----- DATA FOR THE TASK

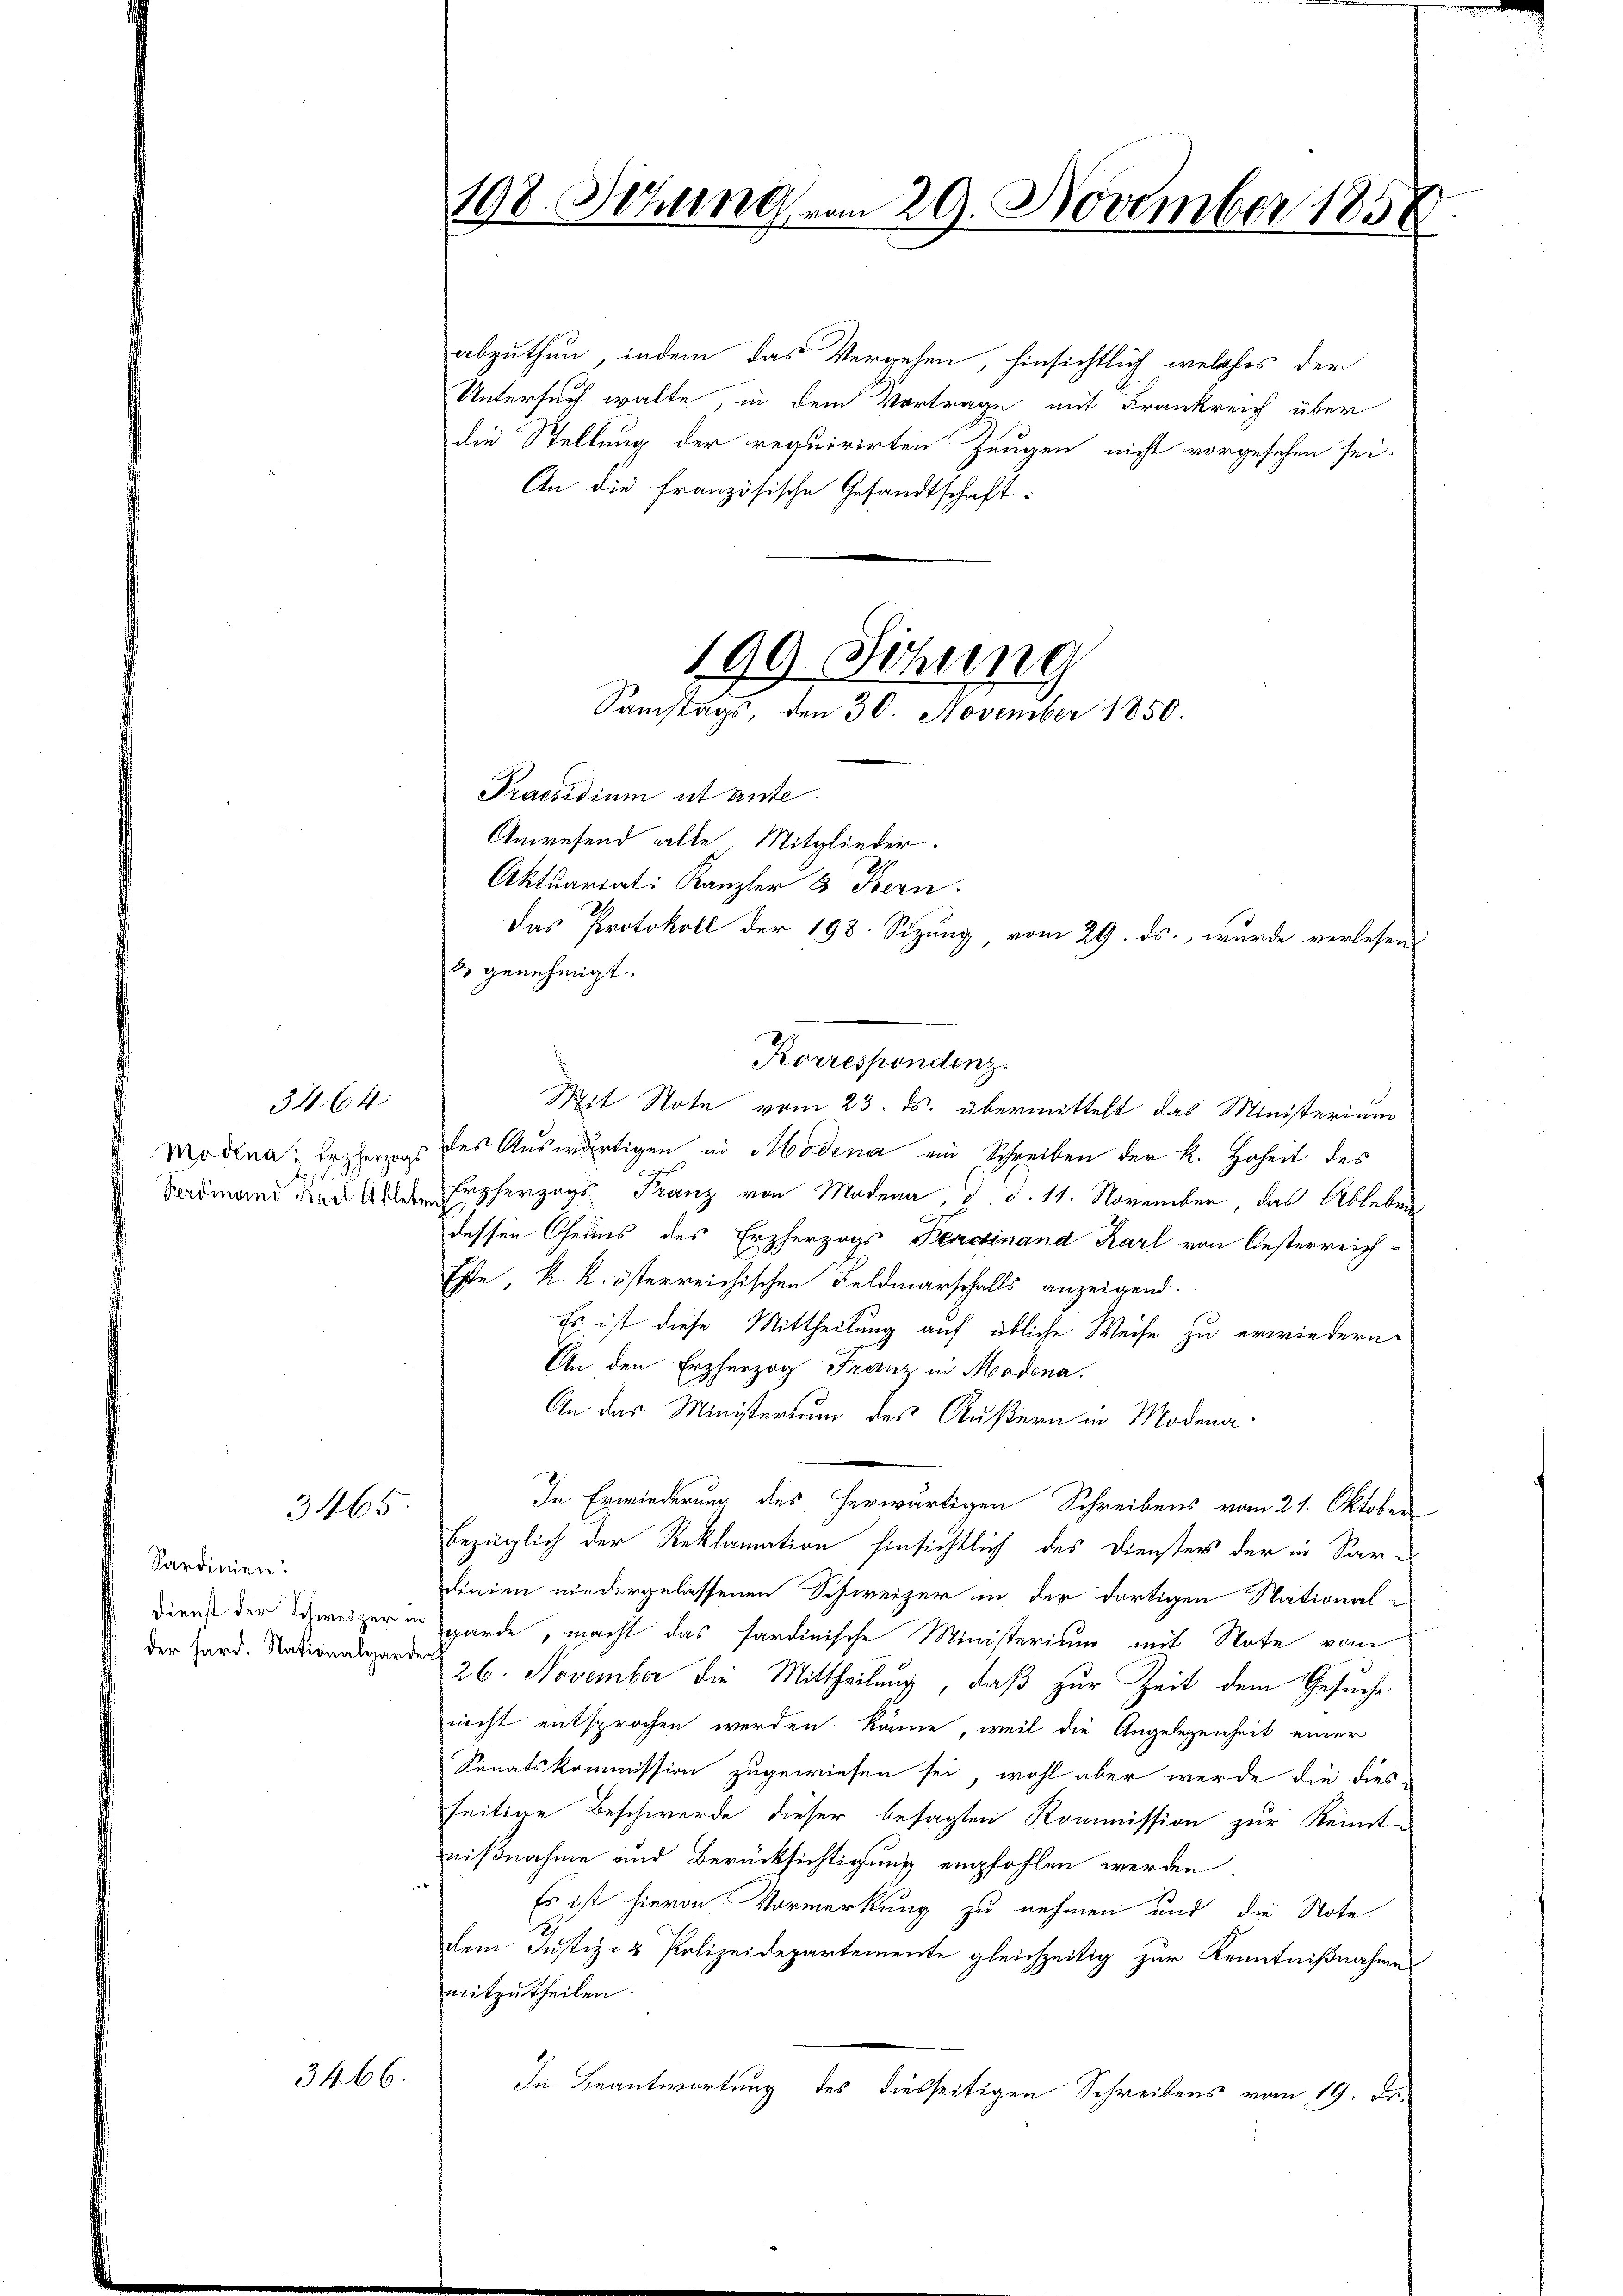
Modena, Erzherzogs
Ferdinand Keil Ableben

344. 64.

3465

Kardinien.
Dienst der Schweizer in
der Sard. Nationalgarder

3466.

198. Setzung vom 29. November 185.

abzuthun, indem das Vergehen, hinsichtlich welches der
Untersuch walte, in dem Vortrage mit Frankreich über
die Stellung der requirirten Zeugen nicht vorgesehen sei.
An die französische Gesandtschaft:
Praesidium ist ante
Anwesend alle Mitglieder.
Aktuariat: Kanzler & Bern.
Das Protokoll der 198. Sizung vom 29. ds., wurde verlesen
3 genehmigt.
des Auswärtigen in Modena ein Schreiben der k. Hoheit des
Erzherzogs Franz von Modena d d. 11. November, das Ableben
dessen Genus des Erzherzogs Bereinand Karl von Oesterreich-
Este, k. k. österreichischen Feldmarschalls anzeigend.
Es ist diese Mittheilung auf übliche Weise zu erwiedern
An den Erzherzog Franz in Modena.
An das Ministerium des Äußern in Modena¬
In Erwiederung des herwärtigen Schreibens vom 21. Oktober
bezüglich der Reklamation hinsichtlich des Dienster der in Sar-
dinien niedergelassenen Schweizer in der dortigen National-
garde, macht das sardinische Ministerium mit Note vom
26. November die Mittheilung, daß zur Zeit dem Gesuche
nicht entsprochen werden könne, weil die Angelegenheit einer
Senatskommission zugewiesen sei, wohl aber werde die dies-
seitige Beschwerde dieser besagten Kommission zur Kennt-
nißnahme und Berücksichtigung empfohlen werden.
Es ist hievon Vormerkung zu nehmen und die Note
dem Justiz- & Polizeidepartemente gleichzeitig zur Kenntnißnahme
mitzutheilen.
In Beantwortung des diesseitigen Schreibens vom 19. Dr.

199. Sichung
Samstags, den 30. November 1850.

Korrespondenz.
Mit Note vom 23. ds. übermittelt das Ministerium
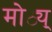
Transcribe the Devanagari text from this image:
मोठ्य्
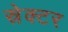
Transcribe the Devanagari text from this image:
स्रेक्टर
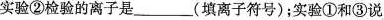
实验②检验的离子是___(填离子符号)；实验①和③说

----------

**ASSIGNMENT:**
Go back to the listing above. Copy word for word the lines from the one with "Ferdinand Keil Ableben" through the one with "An das Ministerium des Äußern in Modena¬", and nothing more.

**ANSWER AREA:**
Ferdinand Keil Ableben

344. 64.

3465

Kardinien.
Dienst der Schweizer in
der Sard. Nationalgarder

3466.

198. Setzung vom 29. November 185.

abzuthun, indem das Vergehen, hinsichtlich welches der
Untersuch walte, in dem Vortrage mit Frankreich über
die Stellung der requirirten Zeugen nicht vorgesehen sei.
An die französische Gesandtschaft:
Praesidium ist ante
Anwesend alle Mitglieder.
Aktuariat: Kanzler & Bern.
Das Protokoll der 198. Sizung vom 29. ds., wurde verlesen
3 genehmigt.
des Auswärtigen in Modena ein Schreiben der k. Hoheit des
Erzherzogs Franz von Modena d d. 11. November, das Ableben
dessen Genus des Erzherzogs Bereinand Karl von Oesterreich-
Este, k. k. österreichischen Feldmarschalls anzeigend.
Es ist diese Mittheilung auf übliche Weise zu erwiedern
An den Erzherzog Franz in Modena.
An das Ministerium des Äußern in Modena¬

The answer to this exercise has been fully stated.